The sabrewings are relatively large Neotropical hummingbirds that form the genus Campylopterus. They are species of the understory and edges of forests, mostly in mountains, and often near streams. The female Sabrewing lays its two white eggs in a relatively large cup nest on a low horizontal branch, usually over a stream.

The sabrewings are very large for hummingbirds, typically 12–15 cm long. The black bill is strong and slightly decurved. The shafts of the male's two outermost primary flight feathers are thickened, flattened and bent at an angle to give the distinctive feature which gives the sabrewings their English and scientific names (Greek καμπυλος  kampylos, "bent", and  πτερον pteron, "wing").

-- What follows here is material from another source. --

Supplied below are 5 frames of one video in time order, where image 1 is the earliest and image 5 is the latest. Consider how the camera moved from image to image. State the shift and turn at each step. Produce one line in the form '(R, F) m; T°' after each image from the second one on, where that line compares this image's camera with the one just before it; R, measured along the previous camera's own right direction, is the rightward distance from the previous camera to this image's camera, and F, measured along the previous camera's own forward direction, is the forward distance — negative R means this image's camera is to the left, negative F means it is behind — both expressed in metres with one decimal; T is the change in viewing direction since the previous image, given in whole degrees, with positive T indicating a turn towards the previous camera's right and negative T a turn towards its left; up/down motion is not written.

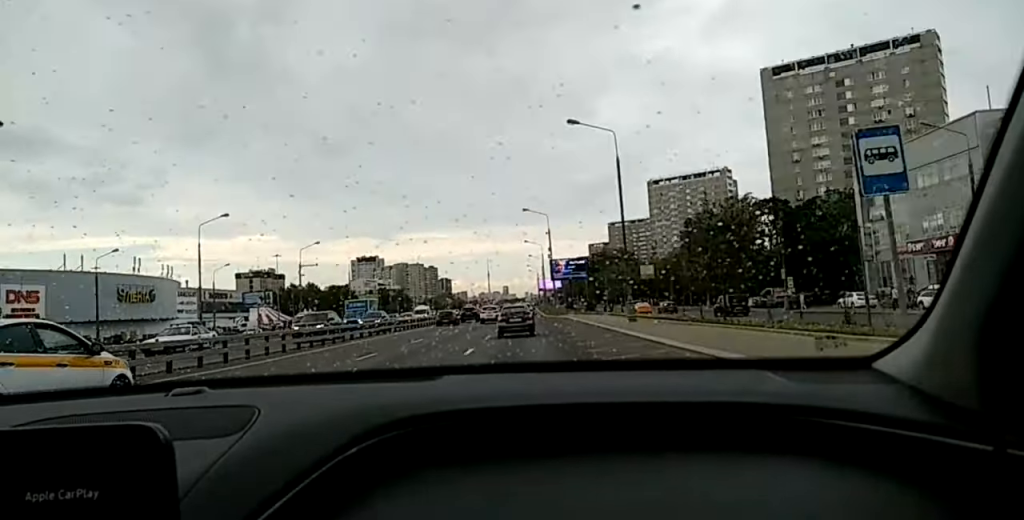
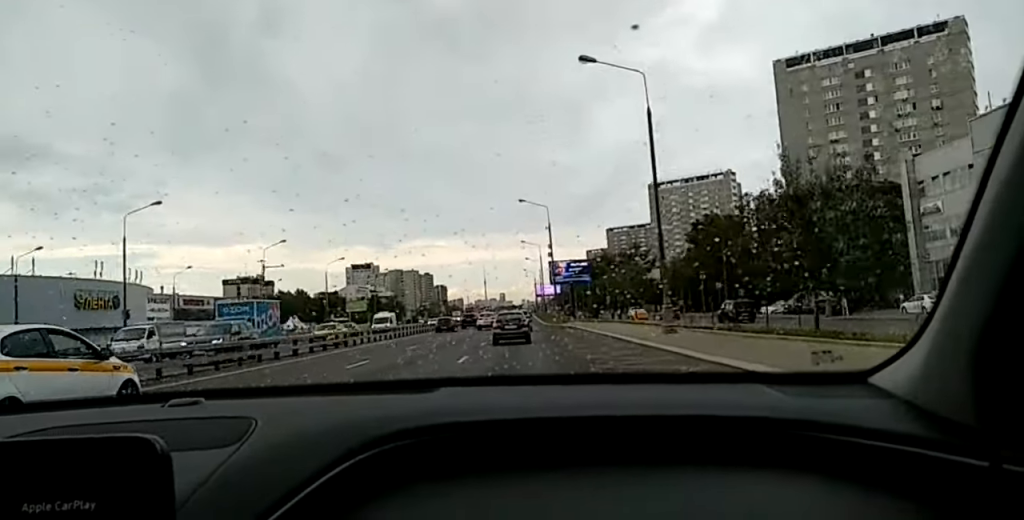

In some species, the male and female plumage is similar, in others, such as the violet sabrewing, the sexes look completely different. In several species, the three outer pairs of the tail feathers are broadly tipped white.

The food of sabrewings is nectar, taken mainly from undergrowth flowers such as Heliconia and bananas.

Taxonomy
The genus Campylopterus was erected by the English naturalist William Swainson in 1827. The type species was subsequently designated as the grey-breasted sabrewing. The generic name combines the Ancient Greek kampulos meaning "curved" or "bent" and -pteros meaning "-winged".

The sombre hummingbird and swallow-tailed hummingbird, formerly classified in Campylopterus, have been reclassified by most authorities into their own monotypic genera Aphantochroa and Eupetomena.